___ Supplied entries

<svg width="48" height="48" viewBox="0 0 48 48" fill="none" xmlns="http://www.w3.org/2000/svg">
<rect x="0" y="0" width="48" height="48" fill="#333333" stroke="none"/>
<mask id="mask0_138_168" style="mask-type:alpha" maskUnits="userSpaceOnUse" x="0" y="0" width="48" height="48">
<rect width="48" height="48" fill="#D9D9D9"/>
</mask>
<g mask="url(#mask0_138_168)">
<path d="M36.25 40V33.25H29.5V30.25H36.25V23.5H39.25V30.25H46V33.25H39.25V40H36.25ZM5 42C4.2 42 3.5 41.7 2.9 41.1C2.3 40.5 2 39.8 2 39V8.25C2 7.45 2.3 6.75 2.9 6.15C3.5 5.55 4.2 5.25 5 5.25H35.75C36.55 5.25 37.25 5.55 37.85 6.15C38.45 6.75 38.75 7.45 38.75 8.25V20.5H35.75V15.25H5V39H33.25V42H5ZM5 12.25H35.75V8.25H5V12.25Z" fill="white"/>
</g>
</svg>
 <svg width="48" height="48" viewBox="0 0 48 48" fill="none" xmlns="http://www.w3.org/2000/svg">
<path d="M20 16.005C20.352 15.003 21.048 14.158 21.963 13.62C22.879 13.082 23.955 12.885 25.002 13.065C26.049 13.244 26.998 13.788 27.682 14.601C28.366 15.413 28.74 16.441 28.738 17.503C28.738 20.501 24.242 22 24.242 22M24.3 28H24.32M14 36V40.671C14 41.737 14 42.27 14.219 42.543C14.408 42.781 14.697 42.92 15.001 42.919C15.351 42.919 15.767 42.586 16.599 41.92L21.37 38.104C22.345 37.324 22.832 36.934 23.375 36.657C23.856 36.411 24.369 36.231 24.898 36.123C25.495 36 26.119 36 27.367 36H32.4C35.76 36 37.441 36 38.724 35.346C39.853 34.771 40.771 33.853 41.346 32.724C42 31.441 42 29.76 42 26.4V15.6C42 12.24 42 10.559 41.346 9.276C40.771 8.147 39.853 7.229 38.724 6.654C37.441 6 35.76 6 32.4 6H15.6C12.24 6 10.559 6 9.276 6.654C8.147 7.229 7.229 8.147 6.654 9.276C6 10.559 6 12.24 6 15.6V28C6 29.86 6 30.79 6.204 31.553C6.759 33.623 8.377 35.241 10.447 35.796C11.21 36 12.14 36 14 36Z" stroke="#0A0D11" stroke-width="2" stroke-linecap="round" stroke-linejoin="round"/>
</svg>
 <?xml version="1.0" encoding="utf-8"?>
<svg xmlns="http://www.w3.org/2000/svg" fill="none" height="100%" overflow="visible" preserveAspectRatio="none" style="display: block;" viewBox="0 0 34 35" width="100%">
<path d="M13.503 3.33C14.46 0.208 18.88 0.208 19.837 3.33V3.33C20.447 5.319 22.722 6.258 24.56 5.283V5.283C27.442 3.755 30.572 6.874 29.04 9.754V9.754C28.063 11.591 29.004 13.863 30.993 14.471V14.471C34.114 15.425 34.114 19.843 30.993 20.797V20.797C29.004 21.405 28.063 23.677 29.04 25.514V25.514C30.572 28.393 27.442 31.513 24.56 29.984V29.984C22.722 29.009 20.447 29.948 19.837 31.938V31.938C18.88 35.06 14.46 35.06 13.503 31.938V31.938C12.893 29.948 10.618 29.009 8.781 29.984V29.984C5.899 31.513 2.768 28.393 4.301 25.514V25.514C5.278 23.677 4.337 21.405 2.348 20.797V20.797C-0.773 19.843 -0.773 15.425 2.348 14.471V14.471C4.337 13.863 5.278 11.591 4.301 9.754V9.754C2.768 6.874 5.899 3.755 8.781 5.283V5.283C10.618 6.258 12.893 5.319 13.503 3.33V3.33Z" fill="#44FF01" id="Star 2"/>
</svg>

______

» **How to complete this task**
Copy whichever lines of the records above contain the word "http".

» **Output of the task**
<svg width="48" height="48" viewBox="0 0 48 48" fill="none" xmlns="http://www.w3.org/2000/svg">
 <svg width="48" height="48" viewBox="0 0 48 48" fill="none" xmlns="http://www.w3.org/2000/svg">
<svg xmlns="http://www.w3.org/2000/svg" fill="none" height="100%" overflow="visible" preserveAspectRatio="none" style="display: block;" viewBox="0 0 34 35" width="100%">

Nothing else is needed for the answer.